翼ある者の庇護者
翌日の午後。キラの熱は完全に下がって体調も安定したため、今後キラの翼の治療を進めていく上での診察をディーが行うこととなった。
…………なの、だが……。
「ほら、力を抜いて。リラックスだ、リラックス」
ディーが苦笑しながらそう言っているが、キラはどうしても体に力が入ってガチガチになってしまう。……何故なら、診察のために上半身が裸の状態でうつ伏せで寝ているからだ。

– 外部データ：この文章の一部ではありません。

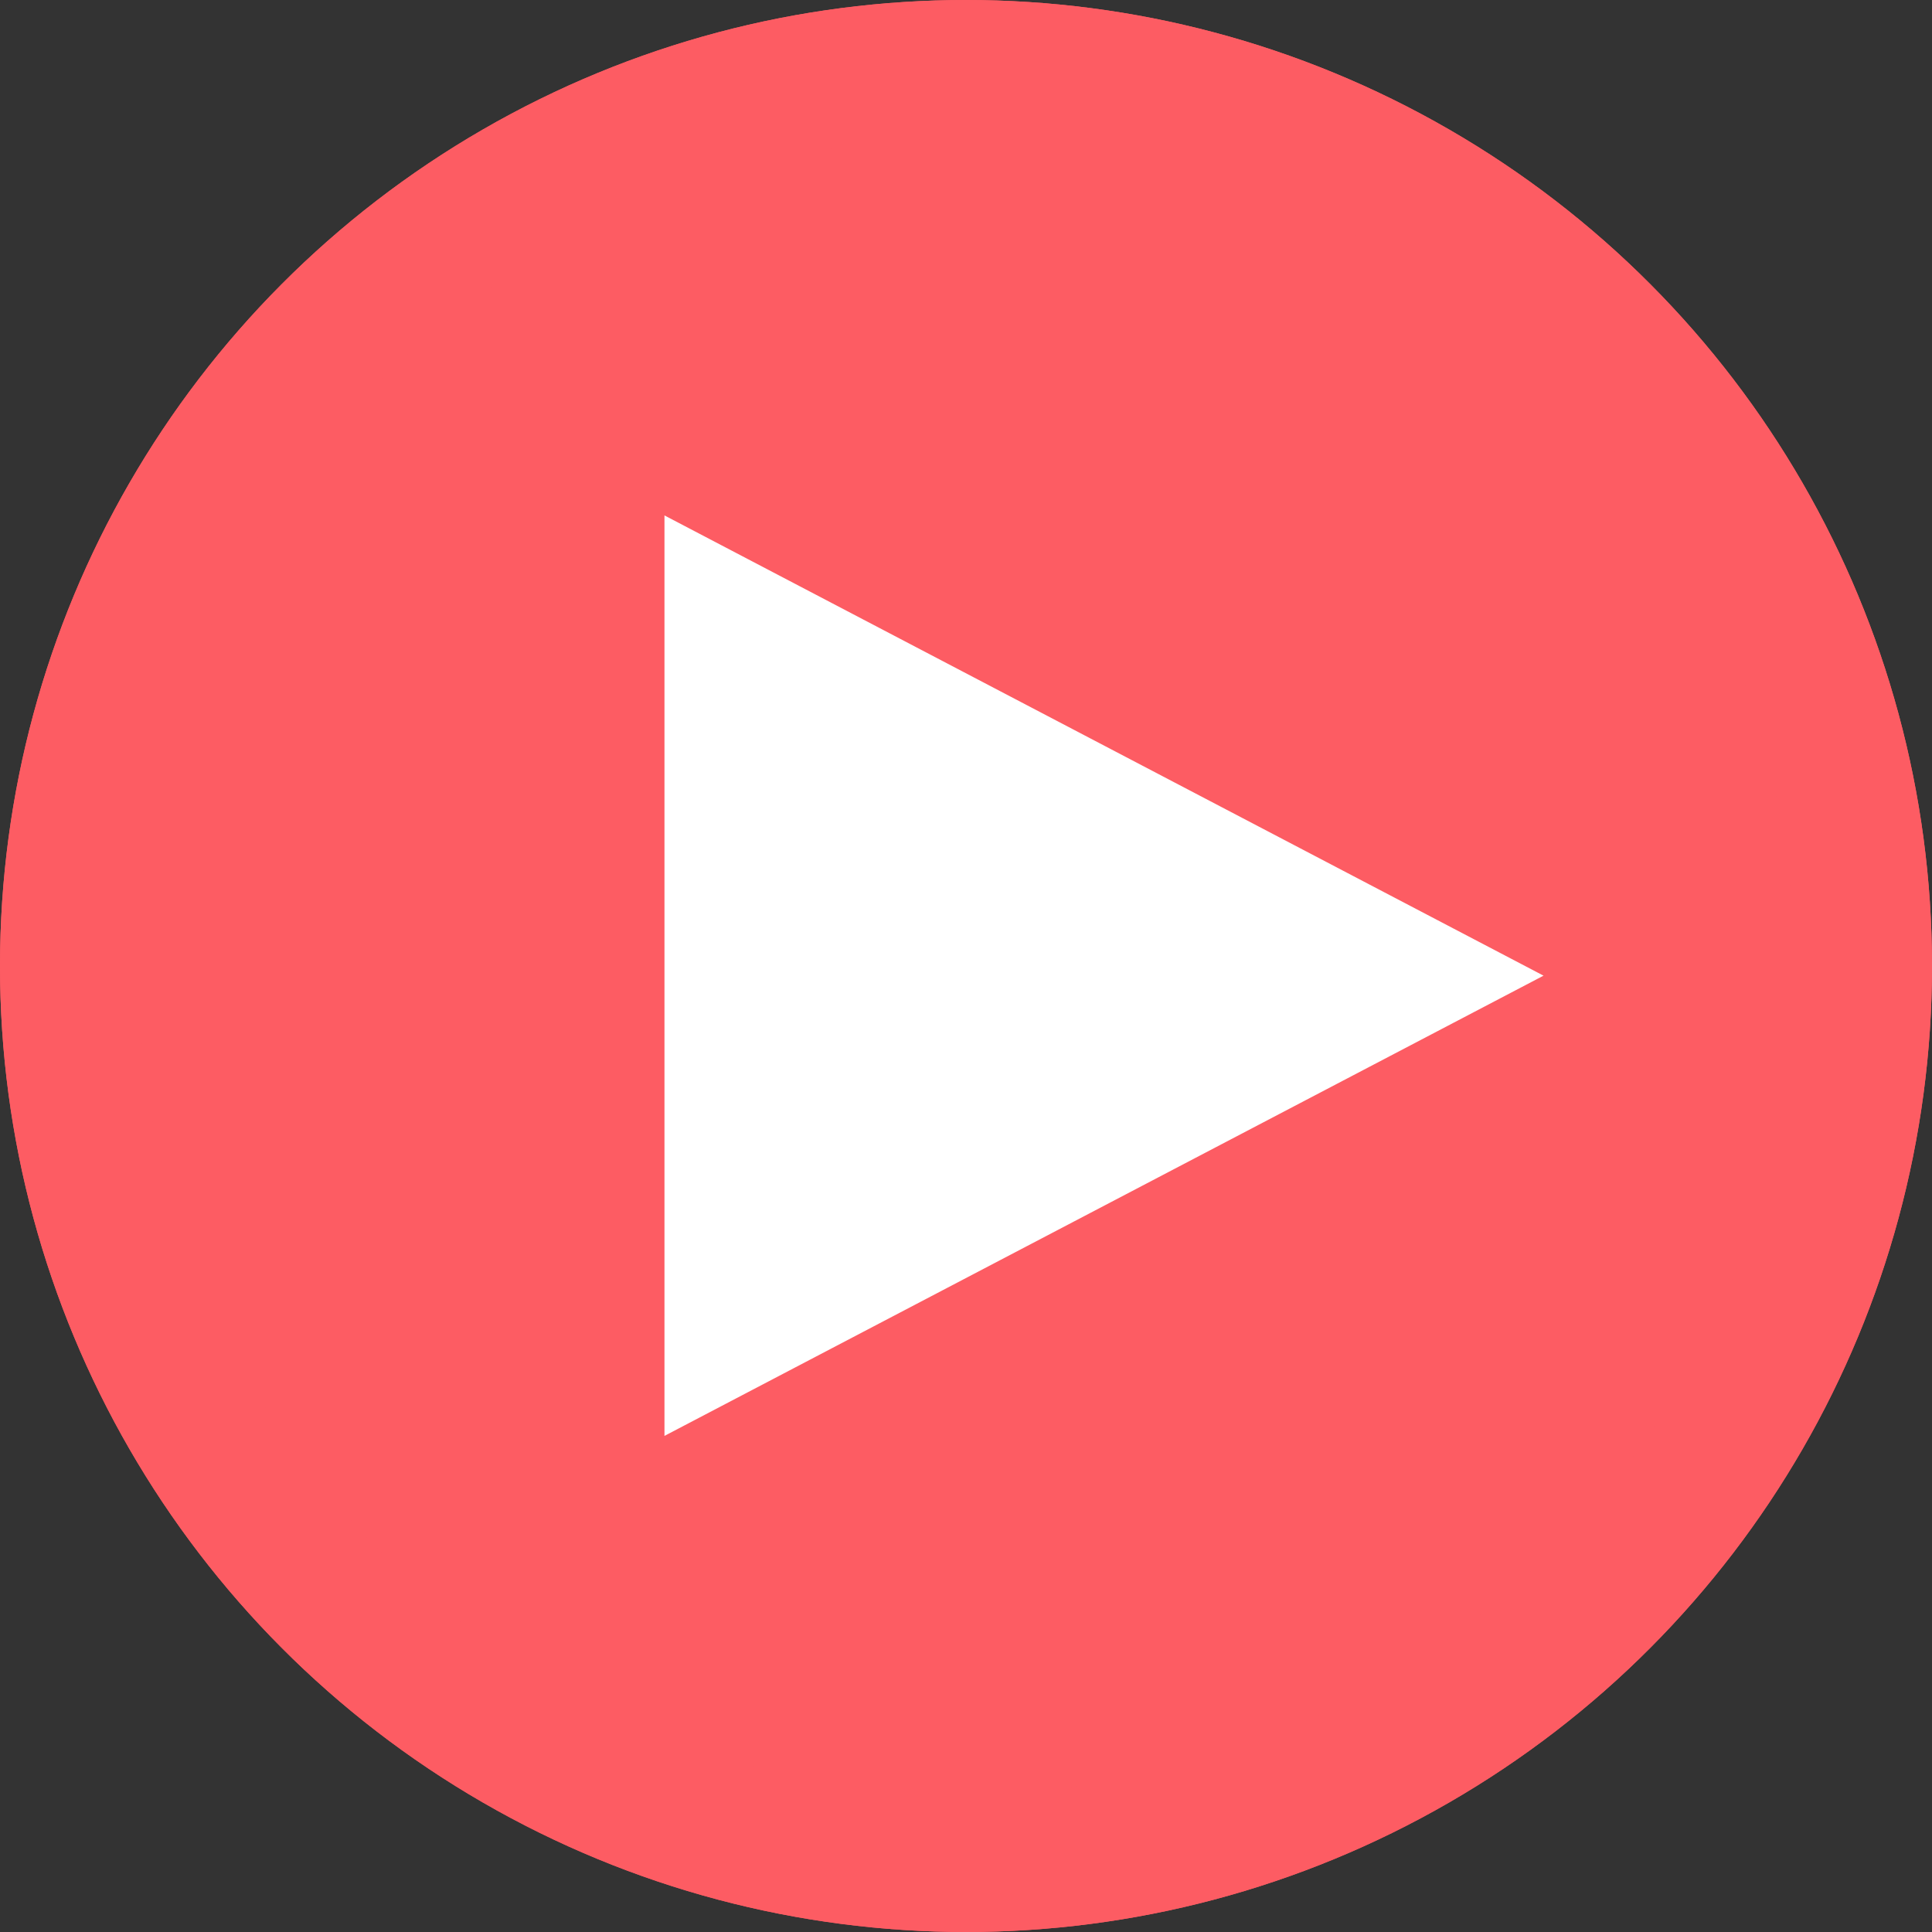 <svg xmlns="http://www.w3.org/2000/svg" viewBox="0 0 28 28"><rect x="0" y="0" width="28" height="28" fill="#333333" stroke="none"/><defs><style>.cls-1{fill:#fd5c63;}.cls-2{fill:none;stroke:#fd5c63;stroke-width:2px;}.cls-3{fill:#fff;}</style></defs><g id="Layer_2" data-name="Layer 2"><g id="Layer_2-2" data-name="Layer 2"><circle class="cls-1" cx="14" cy="14" r="14"/><circle class="cls-2" cx="14" cy="14" r="13"/><path id="Path_1798" data-name="Path 1798" class="cls-3" d="M9.63,7.47V20.81l12.74-6.67Z"/></g></g></svg>

一応タオルケットが掛けているので丸見えではないが、それでも無防備に背中を向けているだなんて緊張せずにはいられない。
「き、緊張しない方が無理なんだけれど……っ」
呂律までガチガチになっているキラに、ディーはクスッと笑っている。
「安心しろ、ただの診察だ。ほら、深呼吸して楽にしてくれ」
ディーは頼もしくそう言う。――が。
「本心は今すぐにお前を抱きたいんだけれどな。俺に組み敷かれたお前のうるんだ瞳を上から見つめたい」
「っ、怖いこと言わないでくれる?!」
これではとても落ち着ける状態ではない……。交際どころか恋愛経験すらないキラにはディーの言葉は刺激が強すぎる。
キラは緊張から逃れるために深呼吸を繰り返した。
「そんなに下心がだだ漏れじゃあ私は口説けないよ」
「ただの冗談だ。勝手に口走っただけで行動には移さない。実際に今日はこめかみへの口付けも我慢しているだろう? 大丈夫だ、大丈夫。俺の理性を信じろ」
ディーの声は自分に言い聞かせているようにも聞こえる。キラはそんなディーなどとても見ていられないから、顔をディーの反対側に向けた。顔が熱い……。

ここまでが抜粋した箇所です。